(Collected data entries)
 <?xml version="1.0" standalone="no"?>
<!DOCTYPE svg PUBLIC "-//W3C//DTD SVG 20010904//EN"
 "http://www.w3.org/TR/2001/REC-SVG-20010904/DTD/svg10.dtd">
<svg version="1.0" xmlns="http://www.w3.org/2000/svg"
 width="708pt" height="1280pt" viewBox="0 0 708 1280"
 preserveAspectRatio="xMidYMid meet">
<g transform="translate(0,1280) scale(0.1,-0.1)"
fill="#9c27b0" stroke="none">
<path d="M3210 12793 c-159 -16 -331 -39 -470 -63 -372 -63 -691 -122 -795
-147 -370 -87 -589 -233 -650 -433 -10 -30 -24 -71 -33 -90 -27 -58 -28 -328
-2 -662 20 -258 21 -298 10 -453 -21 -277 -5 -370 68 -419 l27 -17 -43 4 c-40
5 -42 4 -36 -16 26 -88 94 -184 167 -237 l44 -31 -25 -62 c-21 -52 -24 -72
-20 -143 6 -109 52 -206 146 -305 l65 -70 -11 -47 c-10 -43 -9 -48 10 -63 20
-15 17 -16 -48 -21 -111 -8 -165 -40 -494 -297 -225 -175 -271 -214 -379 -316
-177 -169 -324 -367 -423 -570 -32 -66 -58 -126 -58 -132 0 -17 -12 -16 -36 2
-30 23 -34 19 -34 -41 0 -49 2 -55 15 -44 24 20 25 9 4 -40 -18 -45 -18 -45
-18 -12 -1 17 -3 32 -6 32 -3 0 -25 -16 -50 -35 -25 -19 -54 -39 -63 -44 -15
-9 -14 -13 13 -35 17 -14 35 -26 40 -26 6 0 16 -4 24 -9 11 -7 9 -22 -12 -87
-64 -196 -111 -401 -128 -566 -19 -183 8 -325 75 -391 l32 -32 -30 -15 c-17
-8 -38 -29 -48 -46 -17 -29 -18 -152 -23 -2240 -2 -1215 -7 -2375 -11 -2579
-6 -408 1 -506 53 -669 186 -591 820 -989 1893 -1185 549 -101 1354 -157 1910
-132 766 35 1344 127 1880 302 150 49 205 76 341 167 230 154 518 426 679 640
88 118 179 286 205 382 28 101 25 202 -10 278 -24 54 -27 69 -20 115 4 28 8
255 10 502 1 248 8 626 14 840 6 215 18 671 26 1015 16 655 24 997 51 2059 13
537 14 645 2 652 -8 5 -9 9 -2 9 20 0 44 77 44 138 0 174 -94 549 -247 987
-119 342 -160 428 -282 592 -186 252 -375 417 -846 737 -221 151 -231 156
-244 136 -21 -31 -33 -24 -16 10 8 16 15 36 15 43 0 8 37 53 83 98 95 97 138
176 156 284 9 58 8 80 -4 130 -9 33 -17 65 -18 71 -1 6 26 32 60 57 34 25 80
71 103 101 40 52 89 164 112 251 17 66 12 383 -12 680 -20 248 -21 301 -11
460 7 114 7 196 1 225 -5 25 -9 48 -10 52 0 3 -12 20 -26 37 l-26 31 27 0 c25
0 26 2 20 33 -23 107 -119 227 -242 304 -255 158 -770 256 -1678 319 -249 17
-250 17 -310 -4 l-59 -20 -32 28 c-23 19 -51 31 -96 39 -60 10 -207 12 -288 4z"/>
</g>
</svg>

_Your assignment_: The entries above must be written out again exactly as they are.

_The answer_:
 <?xml version="1.0" standalone="no"?>
<!DOCTYPE svg PUBLIC "-//W3C//DTD SVG 20010904//EN"
 "http://www.w3.org/TR/2001/REC-SVG-20010904/DTD/svg10.dtd">
<svg version="1.0" xmlns="http://www.w3.org/2000/svg"
 width="708pt" height="1280pt" viewBox="0 0 708 1280"
 preserveAspectRatio="xMidYMid meet">
<g transform="translate(0,1280) scale(0.1,-0.1)"
fill="#9c27b0" stroke="none">
<path d="M3210 12793 c-159 -16 -331 -39 -470 -63 -372 -63 -691 -122 -795
-147 -370 -87 -589 -233 -650 -433 -10 -30 -24 -71 -33 -90 -27 -58 -28 -328
-2 -662 20 -258 21 -298 10 -453 -21 -277 -5 -370 68 -419 l27 -17 -43 4 c-40
5 -42 4 -36 -16 26 -88 94 -184 167 -237 l44 -31 -25 -62 c-21 -52 -24 -72
-20 -143 6 -109 52 -206 146 -305 l65 -70 -11 -47 c-10 -43 -9 -48 10 -63 20
-15 17 -16 -48 -21 -111 -8 -165 -40 -494 -297 -225 -175 -271 -214 -379 -316
-177 -169 -324 -367 -423 -570 -32 -66 -58 -126 -58 -132 0 -17 -12 -16 -36 2
-30 23 -34 19 -34 -41 0 -49 2 -55 15 -44 24 20 25 9 4 -40 -18 -45 -18 -45
-18 -12 -1 17 -3 32 -6 32 -3 0 -25 -16 -50 -35 -25 -19 -54 -39 -63 -44 -15
-9 -14 -13 13 -35 17 -14 35 -26 40 -26 6 0 16 -4 24 -9 11 -7 9 -22 -12 -87
-64 -196 -111 -401 -128 -566 -19 -183 8 -325 75 -391 l32 -32 -30 -15 c-17
-8 -38 -29 -48 -46 -17 -29 -18 -152 -23 -2240 -2 -1215 -7 -2375 -11 -2579
-6 -408 1 -506 53 -669 186 -591 820 -989 1893 -1185 549 -101 1354 -157 1910
-132 766 35 1344 127 1880 302 150 49 205 76 341 167 230 154 518 426 679 640
88 118 179 286 205 382 28 101 25 202 -10 278 -24 54 -27 69 -20 115 4 28 8
255 10 502 1 248 8 626 14 840 6 215 18 671 26 1015 16 655 24 997 51 2059 13
537 14 645 2 652 -8 5 -9 9 -2 9 20 0 44 77 44 138 0 174 -94 549 -247 987
-119 342 -160 428 -282 592 -186 252 -375 417 -846 737 -221 151 -231 156
-244 136 -21 -31 -33 -24 -16 10 8 16 15 36 15 43 0 8 37 53 83 98 95 97 138
176 156 284 9 58 8 80 -4 130 -9 33 -17 65 -18 71 -1 6 26 32 60 57 34 25 80
71 103 101 40 52 89 164 112 251 17 66 12 383 -12 680 -20 248 -21 301 -11
460 7 114 7 196 1 225 -5 25 -9 48 -10 52 0 3 -12 20 -26 37 l-26 31 27 0 c25
0 26 2 20 33 -23 107 -119 227 -242 304 -255 158 -770 256 -1678 319 -249 17
-250 17 -310 -4 l-59 -20 -32 28 c-23 19 -51 31 -96 39 -60 10 -207 12 -288 4z"/>
</g>
</svg>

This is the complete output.